Best way to extract distribution and parameters from character variable?

ignacio · July 20, 2019, 11:26am

Suppose I have a character variable normal(0,1). I want to create 3 variables out of it:

distribution <- "normal"
mu <- 0
sd <- 1

I can do this with stringr but i'm wondering if there is a better way of writing this code

library(stringr)

distribution_chr <- "normal(0,1)"

distribution <- str_split(string = distribution_chr, pattern = "\\(", simplify = TRUE)[1,1]

parameters <- distribution_chr %>% 
  str_extract_all("(?<=\\().+?(?=\\))") %>% 
  str_split(pattern = ",", simplify = TRUE)

mu <- as.numeric(parameters[1,1])
sd <- as.numeric(parameters[1,2])

^{Created on 2019-07-20 by the reprex package (v0.2.1)}

Thanks!

pieterjanvc · July 20, 2019, 1:11pm

Hi,

I think that is looking rather good. I found one other way of doing it, but still using stringr, just a different function and extracting groups of interest:

library("stringr")

myString = "normal(0,1)"
parameters = str_match(myString, "(\\w+)\\((\\d*\\.?\\d*),\\s?(\\d*\\.?\\d*)\\)")
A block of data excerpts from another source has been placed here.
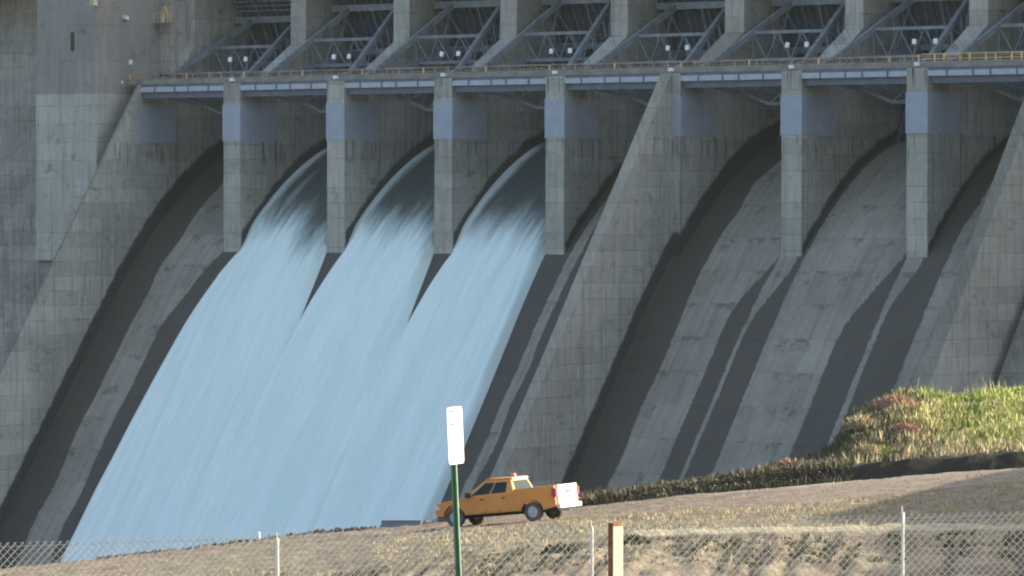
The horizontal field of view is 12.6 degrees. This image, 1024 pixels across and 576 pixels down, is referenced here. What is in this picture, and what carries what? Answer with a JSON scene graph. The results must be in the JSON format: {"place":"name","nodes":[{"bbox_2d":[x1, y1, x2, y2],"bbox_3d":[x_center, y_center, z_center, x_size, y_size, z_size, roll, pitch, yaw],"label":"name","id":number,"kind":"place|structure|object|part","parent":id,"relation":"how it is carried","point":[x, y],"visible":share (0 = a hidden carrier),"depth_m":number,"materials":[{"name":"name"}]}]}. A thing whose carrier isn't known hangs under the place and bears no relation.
{"place":"outdoors","nodes":[
{"label":"outdoors","id":0,"kind":"place"},
{"bbox_2d":[0,390,1023,575],"bbox_3d":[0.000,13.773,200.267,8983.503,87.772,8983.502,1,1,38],"label":"ground","id":1,"kind":"structure","parent":0,"point":[895,470],"depth_m":154.57,"materials":[{"name":"soil"}]},
{"bbox_2d":[381,520,421,527],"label":"barrier","id":2,"kind":"object","parent":1,"relation":"on","point":[392,523],"visible":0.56,"depth_m":197.00,"materials":[{"name":"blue metal"}]},
{"bbox_2d":[447,406,463,575],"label":"parking sign","id":3,"kind":"object","parent":1,"relation":"on","point":[455,436],"visible":1,"depth_m":37.04,"materials":[{"name":"white metal"}]},
{"bbox_2d":[95,457,831,558],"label":"rubble","id":4,"kind":"object","parent":1,"relation":"on","point":[427,521],"visible":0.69,"depth_m":199.71,"materials":[{"name":"brown stone"}]},
{"bbox_2d":[433,473,581,526],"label":"pickup truck","id":5,"kind":"object","parent":1,"relation":"on","point":[513,494],"visible":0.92,"depth_m":182.84,"materials":[{"name":"orange paint"}]},
{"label":"door","id":6,"kind":"part","parent":5,"relation":"part of","materials":[{"name":"orange paint"}]},
{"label":"window","id":7,"kind":"part","parent":5,"relation":"part of","materials":[{"name":"black glass"}]},
{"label":"door","id":8,"kind":"part","parent":5,"relation":"part of","materials":[{"name":"orange paint"}]},
{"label":"window","id":9,"kind":"part","parent":5,"relation":"part of","materials":[{"name":"black glass"}]},
{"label":"window","id":10,"kind":"part","parent":5,"relation":"part of","materials":[{"name":"glass"}]},
{"bbox_2d":[0,0,1023,568],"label":"concrete dam","id":11,"kind":"structure","parent":1,"relation":"on","point":[724,282],"depth_m":494.08,"materials":[{"name":"grey concrete"}]},
{"bbox_2d":[90,0,103,6],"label":"access platform","id":12,"kind":"structure","parent":11,"relation":"attached to","point":[94,2],"depth_m":533.23,"materials":[{"name":"yellow metal"}]},
{"bbox_2d":[122,15,128,21],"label":"pier floodlight","id":13,"kind":"object","parent":11,"relation":"attached to","point":[125,17],"visible":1,"depth_m":537.88,"materials":[{"name":"metal"}]},
{"bbox_2d":[153,6,172,23],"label":"access platform","id":14,"kind":"structure","parent":11,"relation":"attached to","point":[162,17],"depth_m":541.15,"materials":[{"name":"yellow metal"}]},
{"bbox_2d":[60,148,326,561],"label":"spillway water","id":15,"kind":"structure","parent":11,"relation":"on","point":[164,474],"depth_m":513.91,"materials":[{"name":"blue liquid"}]},
{"bbox_2d":[160,0,290,102],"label":"radial gate","id":16,"kind":"structure","parent":11,"relation":"attached to","point":[265,26],"depth_m":545.80,"materials":[{"name":"metal"}]},
{"bbox_2d":[186,145,433,547],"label":"spillway water","id":17,"kind":"structure","parent":11,"relation":"on","point":[287,461],"depth_m":504.95,"materials":[{"name":"blue liquid"}]},
{"bbox_2d":[260,0,393,76],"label":"radial gate","id":18,"kind":"structure","parent":11,"relation":"attached to","point":[368,28],"depth_m":535.91,"materials":[{"name":"metal"}]},
{"bbox_2d":[305,141,545,532],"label":"spillway water","id":19,"kind":"structure","parent":11,"relation":"on","point":[449,349],"depth_m":496.39,"materials":[{"name":"blue liquid"}]},
{"bbox_2d":[365,0,499,93],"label":"radial gate","id":20,"kind":"structure","parent":11,"relation":"attached to","point":[472,28],"depth_m":526.45,"materials":[{"name":"metal"}]},
{"bbox_2d":[472,0,610,92],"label":"radial gate","id":21,"kind":"structure","parent":11,"relation":"attached to","point":[582,28],"depth_m":517.00,"materials":[{"name":"metal"}]},
{"bbox_2d":[127,51,1023,114],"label":"service walkway","id":22,"kind":"structure","parent":11,"relation":"attached to","point":[856,74],"depth_m":496.71,"materials":[{"name":"paint"}]},
{"bbox_2d":[128,60,132,79],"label":"walkway lamp","id":23,"kind":"object","parent":22,"relation":"on","point":[130,62],"visible":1,"depth_m":537.81,"materials":[{"name":"metal"}]},
{"bbox_2d":[228,57,231,76],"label":"walkway lamp","id":24,"kind":"object","parent":22,"relation":"on","point":[230,59],"visible":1,"depth_m":528.32,"materials":[{"name":"metal"}]},
{"bbox_2d":[244,57,247,76],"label":"walkway lamp","id":25,"kind":"object","parent":22,"relation":"on","point":[245,59],"visible":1,"depth_m":526.85,"materials":[{"name":"metal"}]},
{"bbox_2d":[332,54,335,74],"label":"walkway lamp","id":26,"kind":"object","parent":22,"relation":"on","point":[333,56],"visible":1,"depth_m":518.83,"materials":[{"name":"metal"}]},
{"bbox_2d":[347,54,350,68],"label":"walkway lamp","id":27,"kind":"object","parent":22,"relation":"on","point":[348,56],"visible":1,"depth_m":517.38,"materials":[{"name":"metal"}]},
{"bbox_2d":[439,51,443,72],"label":"walkway lamp","id":28,"kind":"object","parent":22,"relation":"on","point":[441,54],"visible":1,"depth_m":509.34,"materials":[{"name":"metal"}]},
{"bbox_2d":[456,51,460,71],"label":"walkway lamp","id":29,"kind":"object","parent":22,"relation":"on","point":[458,53],"visible":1,"depth_m":507.86,"materials":[{"name":"metal"}]},
{"bbox_2d":[549,49,552,69],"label":"walkway lamp","id":30,"kind":"object","parent":22,"relation":"on","point":[550,51],"visible":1,"depth_m":500.01,"materials":[{"name":"metal"}]},
{"bbox_2d":[568,48,571,69],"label":"walkway lamp","id":31,"kind":"object","parent":22,"relation":"on","point":[570,50],"visible":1,"depth_m":498.41,"materials":[{"name":"metal"}]},
{"bbox_2d":[666,45,669,66],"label":"walkway lamp","id":32,"kind":"object","parent":22,"relation":"on","point":[667,48],"visible":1,"depth_m":490.37,"materials":[{"name":"metal"}]},
{"bbox_2d":[685,45,689,66],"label":"walkway lamp","id":33,"kind":"object","parent":22,"relation":"on","point":[687,47],"visible":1,"depth_m":488.87,"materials":[{"name":"metal"}]},
{"bbox_2d":[785,42,789,64],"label":"walkway lamp","id":34,"kind":"object","parent":22,"relation":"on","point":[787,44],"visible":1,"depth_m":480.98,"materials":[{"name":"metal"}]},
{"bbox_2d":[804,42,808,63],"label":"walkway lamp","id":35,"kind":"object","parent":22,"relation":"on","point":[806,44],"visible":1,"depth_m":479.46,"materials":[{"name":"metal"}]},
{"bbox_2d":[912,39,916,61],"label":"walkway lamp","id":36,"kind":"object","parent":22,"relation":"on","point":[914,41],"visible":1,"depth_m":471.35,"materials":[{"name":"metal"}]},
{"bbox_2d":[933,38,937,52],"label":"walkway lamp","id":37,"kind":"object","parent":22,"relation":"on","point":[935,40],"visible":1,"depth_m":469.83,"materials":[{"name":"metal"}]},
{"bbox_2d":[584,0,724,95],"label":"radial gate","id":38,"kind":"structure","parent":11,"relation":"attached to","point":[697,27],"depth_m":508.00,"materials":[{"name":"metal"}]},
{"bbox_2d":[700,0,844,142],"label":"radial gate","id":39,"kind":"structure","parent":11,"relation":"attached to","point":[818,26],"depth_m":498.53,"materials":[{"name":"metal"}]},
{"bbox_2d":[821,0,968,141],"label":"radial gate","id":40,"kind":"structure","parent":11,"relation":"attached to","point":[924,23],"depth_m":489.33,"materials":[{"name":"metal"}]},
{"bbox_2d":[946,0,1023,92],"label":"radial gate","id":41,"kind":"structure","parent":11,"relation":"attached to","point":[995,28],"depth_m":477.10,"materials":[{"name":"metal"}]},
{"bbox_2d":[0,506,1023,575],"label":"chain link fence","id":42,"kind":"object","parent":1,"relation":"on","point":[592,547],"visible":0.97,"depth_m":44.05,"materials":[{"name":"metal"}]},
{"bbox_2d":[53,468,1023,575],"bbox_3d":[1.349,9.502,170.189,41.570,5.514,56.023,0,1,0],"label":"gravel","id":43,"kind":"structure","parent":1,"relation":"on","point":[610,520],"depth_m":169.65,"materials":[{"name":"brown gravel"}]},
{"bbox_2d":[539,541,579,553],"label":"bush","id":44,"kind":"object","parent":1,"relation":"on","point":[560,549],"visible":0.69,"depth_m":135.95,"materials":[{"name":"green plant"}]},
{"bbox_2d":[203,378,1023,575],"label":"dry grass","id":45,"kind":"structure","parent":1,"relation":"on","point":[988,448],"depth_m":166.06,"materials":[{"name":"beige plant"}]},
{"bbox_2d":[608,522,622,575],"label":"marker post","id":46,"kind":"object","parent":1,"relation":"on","point":[615,548],"visible":1,"depth_m":43.01,"materials":[{"name":"beige wood"}]},
{"bbox_2d":[623,533,653,545],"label":"bush","id":47,"kind":"object","parent":1,"relation":"on","point":[636,538],"visible":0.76,"depth_m":137.40,"materials":[{"name":"green plant"}]},
{"bbox_2d":[323,387,1023,575],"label":"scrub","id":48,"kind":"object","parent":1,"relation":"on","point":[837,450],"visible":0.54,"depth_m":138.39,"materials":[{"name":"plant"}]},
{"bbox_2d":[575,453,855,506],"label":"dead weeds","id":49,"kind":"object","parent":1,"relation":"on","point":[765,467],"visible":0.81,"depth_m":199.76,"materials":[{"name":"brown plant"}]},
{"bbox_2d":[775,457,796,467],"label":"bush","id":50,"kind":"object","parent":1,"relation":"on","point":[784,462],"visible":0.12,"depth_m":206.01,"materials":[{"name":"pink plant"}]},
{"bbox_2d":[840,413,875,430],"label":"bush","id":51,"kind":"object","parent":1,"relation":"on","point":[855,423],"visible":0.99,"depth_m":213.71,"materials":[{"name":"beige plant"}]},
{"bbox_2d":[849,442,885,463],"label":"bush","id":52,"kind":"object","parent":1,"relation":"on","point":[866,449],"visible":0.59,"depth_m":204.88,"materials":[{"name":"beige plant"}]},
{"bbox_2d":[873,444,892,455],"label":"bush","id":53,"kind":"object","parent":1,"relation":"on","point":[886,450],"visible":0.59,"depth_m":205.26,"materials":[{"name":"green plant"}]},
{"bbox_2d":[870,392,921,412],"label":"bush","id":54,"kind":"object","parent":1,"relation":"on","point":[878,405],"visible":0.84,"depth_m":218.69,"materials":[{"name":"pink plant"}]},
{"bbox_2d":[888,420,923,436],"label":"bush","id":55,"kind":"object","parent":1,"relation":"on","point":[901,427],"visible":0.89,"depth_m":210.84,"materials":[{"name":"pink plant"}]},
{"bbox_2d":[862,384,1023,448],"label":"grass","id":56,"kind":"structure","parent":0,"point":[992,394],"depth_m":220.31,"materials":[{"name":"green plant"}]}
]}

distribution = parameters[2]
mu = as.numeric(parameters[3])
md = as.numeric(parameters[4])

This regex should work for both integers and decimal numbers and ignore any white space after the comma if it would be inserted.

Grtz,
PJ

andresrcs · July 20, 2019, 1:46pm

This is not necessarily better but I think that str_extract() feels more natural and human readable in this situation.

library(stringr)

myString = "normal(0,1)"

distribution = str_extract(myString, "(\\w+)(?=\\()")
mu = str_extract(myString, "(?<=\\()\\d+(?=,)")
md = str_extract(myString, "(?<=,\\s?)\\d+(?=\\))")

distribution
#> [1] "normal"
mu
#> [1] "0"
md
#> [1] "1"

^{Created on 2019-07-20 by the reprex package (v0.3.0.9000)}

pieterjanvc · July 20, 2019, 3:34pm

I agree, I did not say my method was better, just different.

PJ

system · July 27, 2019, 3:34pm

This topic was automatically closed 7 days after the last reply. New replies are no longer allowed.